SHORTEN: I hope it does help people. I realise that what people really want is that the law never been broken by their own government against them to begin with. It's not going to bring back Jarrad Madgwick or Rhys Cauzzo. It's not going to bring back the time, the pressure, the upset, the shame, because a lot of Australians don't like the allegation that they’re bad debts, you know, and that they've done something wrong. We can't turn back the clock. I wish we could. But I do think today, and I've spoken to some of the very people that I'm speaking to you about and I've kept in touch with them through the journey, today is a bit of a vindication. It does actually bring some degree of, sense of, you know, redemption or vindication, a sense that they were being gaslighted, that they weren't the problem. In terms of compensation going forward, the Commissioner says that because the harms are so sort of, separate categories, but she also raises a couple of legal issues about potential causes of action that people might have. So, I think we're just going to have to dissect what she says and see what signposts she's giving and what it all means.
GLEESON: Just quickly, Alan Tudge, Christian Porter, and Stuart Robert, they're no longer in parliament. Do you think former Prime Minister Scott Morrison should go?

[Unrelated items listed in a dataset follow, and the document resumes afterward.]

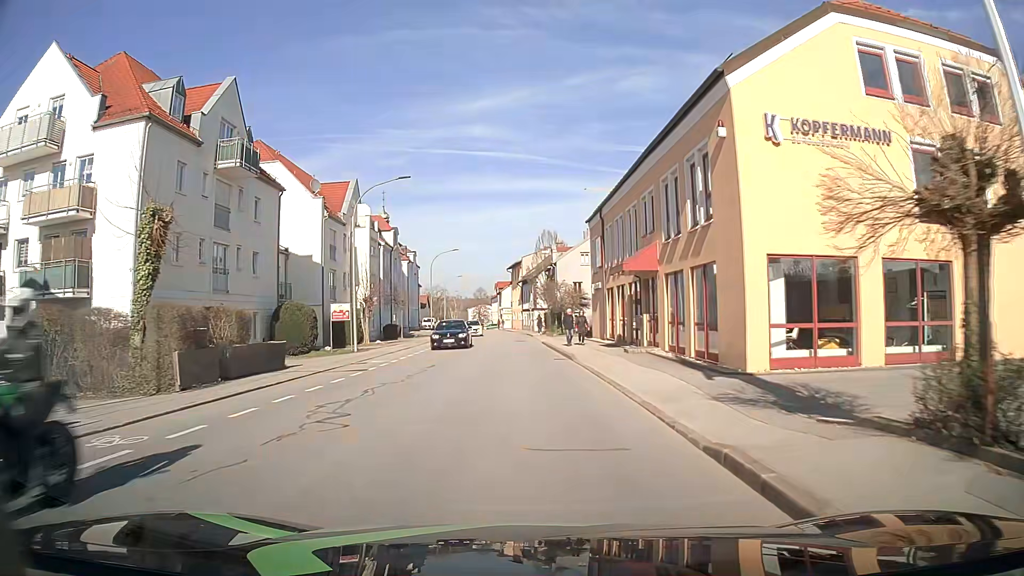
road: tertiary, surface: asphalt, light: Day
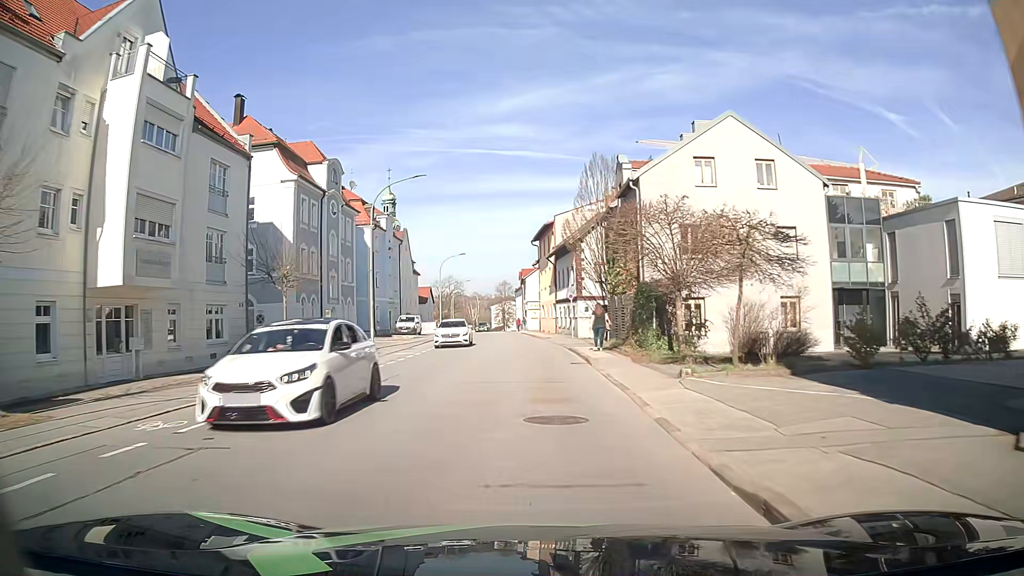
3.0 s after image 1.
(-0.7, +35.9) m; -3°
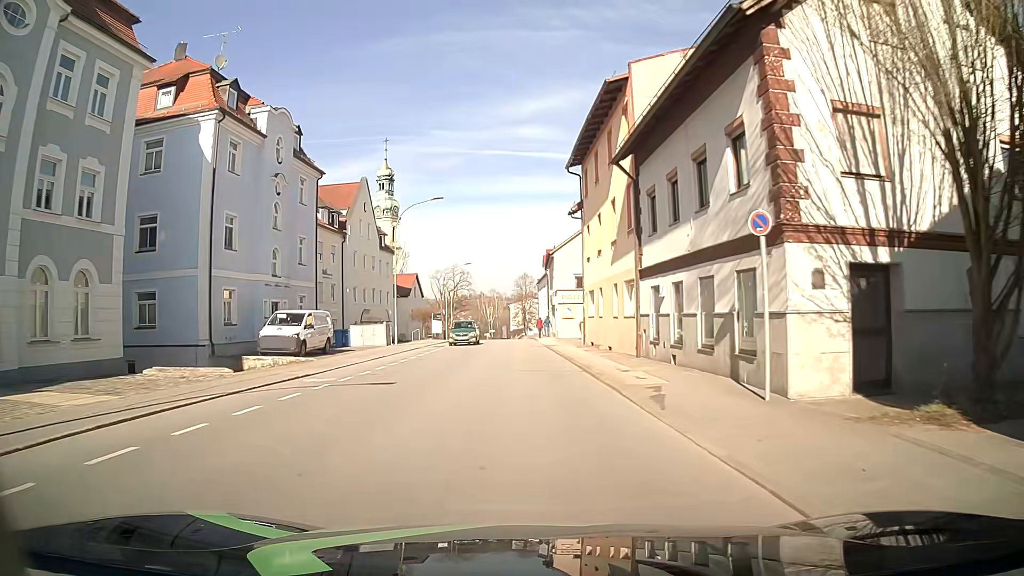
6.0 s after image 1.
(-0.5, +35.2) m; -2°
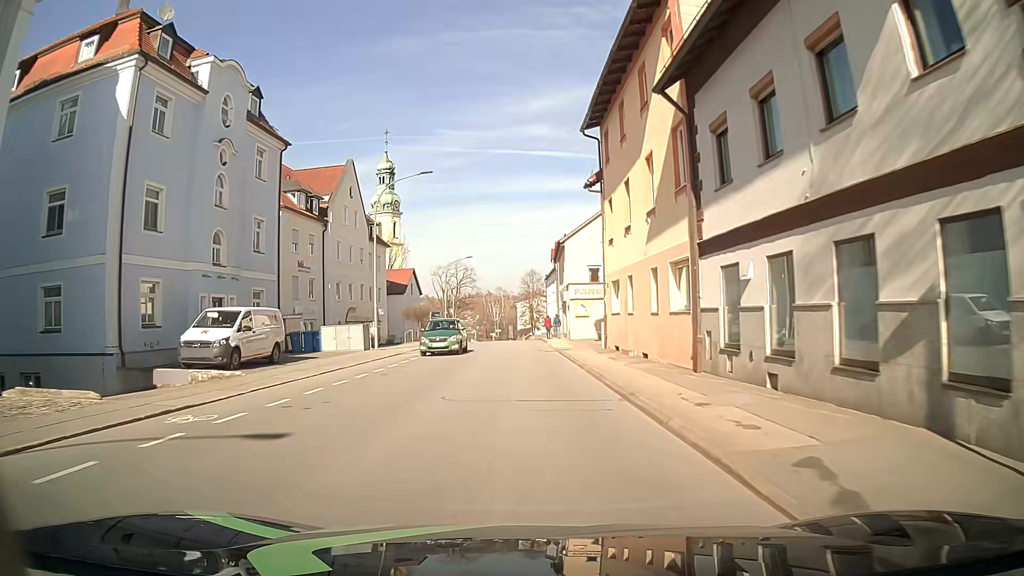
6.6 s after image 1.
(0.0, +7.0) m; 0°
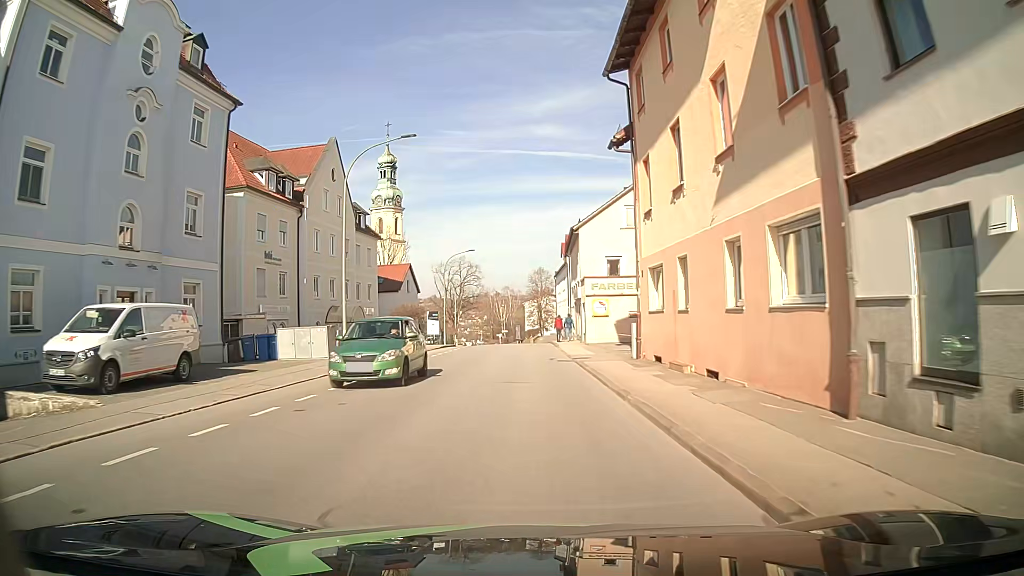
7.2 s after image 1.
(-0.1, +7.0) m; -1°
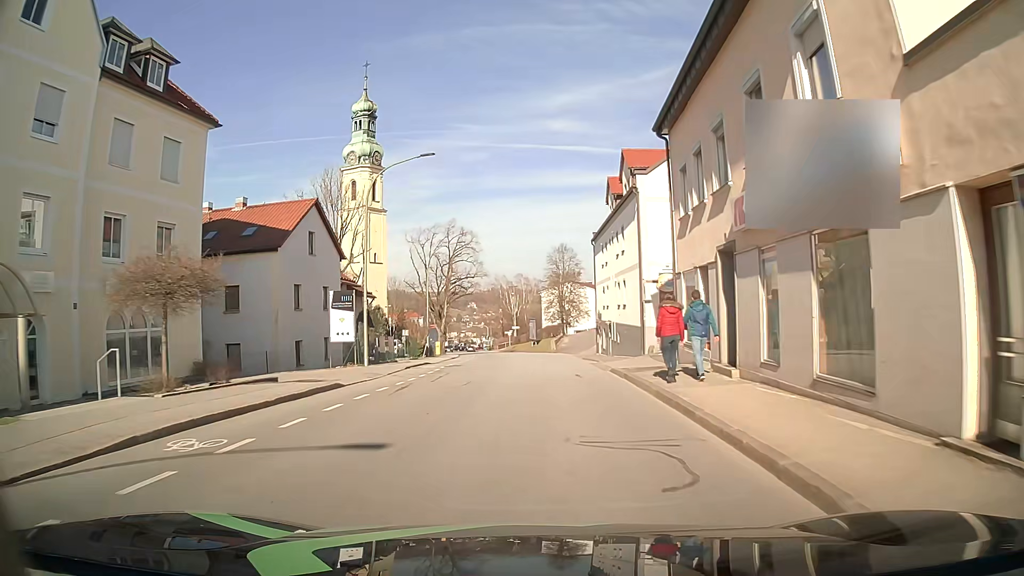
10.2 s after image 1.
(-0.8, +35.1) m; -2°
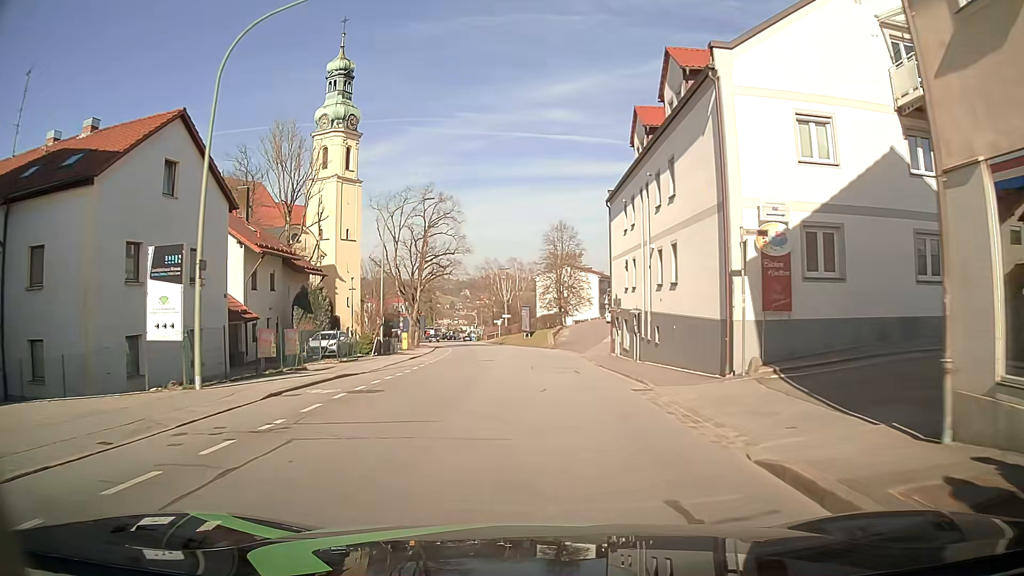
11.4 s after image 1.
(+0.1, +14.2) m; +1°
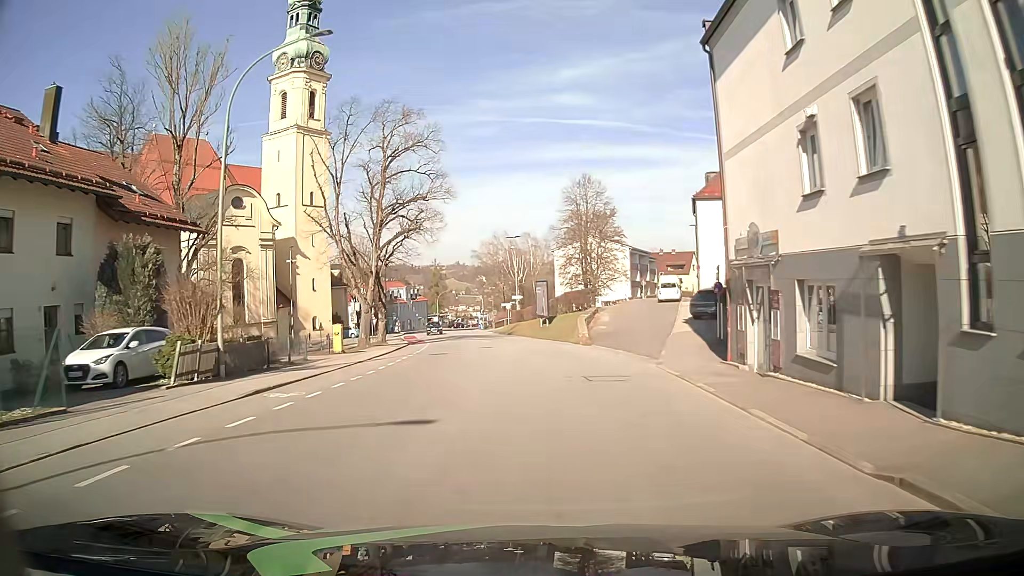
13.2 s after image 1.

SHORTEN: That's up to him. That's up to him. The Royal Commission will be very tough reading for those people. And others might be saying, fair enough. And I'd probably say fair enough too. But it's not what you'd want as your legacy, this Royal Commission, in terms of what it says about you. But I'm not going to tell Mr. Morrison what to do, but I can say that all the people who were the victims of this unlawful scheme are here. It shouldn't have taken four and a half years. It shouldn't have taken advocates and lawyers. It shouldn't have taken me to help work with Gordon Legal or. Not as a class action, shouldn't have actually taken a Royal Commission. But did you know, I'll leave you on this thought, nearly 20,000 people raised appeals against their debt matters to the government over the four and a half years. Over 4000 went to the cost and the effort and the trauma of taking the government to court. There were 700 times that Robodebt was raised in Parliament by Labor and the crossbench. There were tens of thousands of newspaper articles written about Robodebt and the problems with it. Really, how on earth is a government so shameless, with such a pathology of lawlessness, that they dream up a scheme which is illegal and then for four and a half years, pretend it's fine and not listen to other people for four and a half years. I get isolated incidents, but really there was a tsunami of complaint and trauma and pain.
GLEESON: Bill Shorten, we appreciate your time today.
SHORTEN: Thank you.
GLEESON: There he is, Government Services Minister Bill Shorten.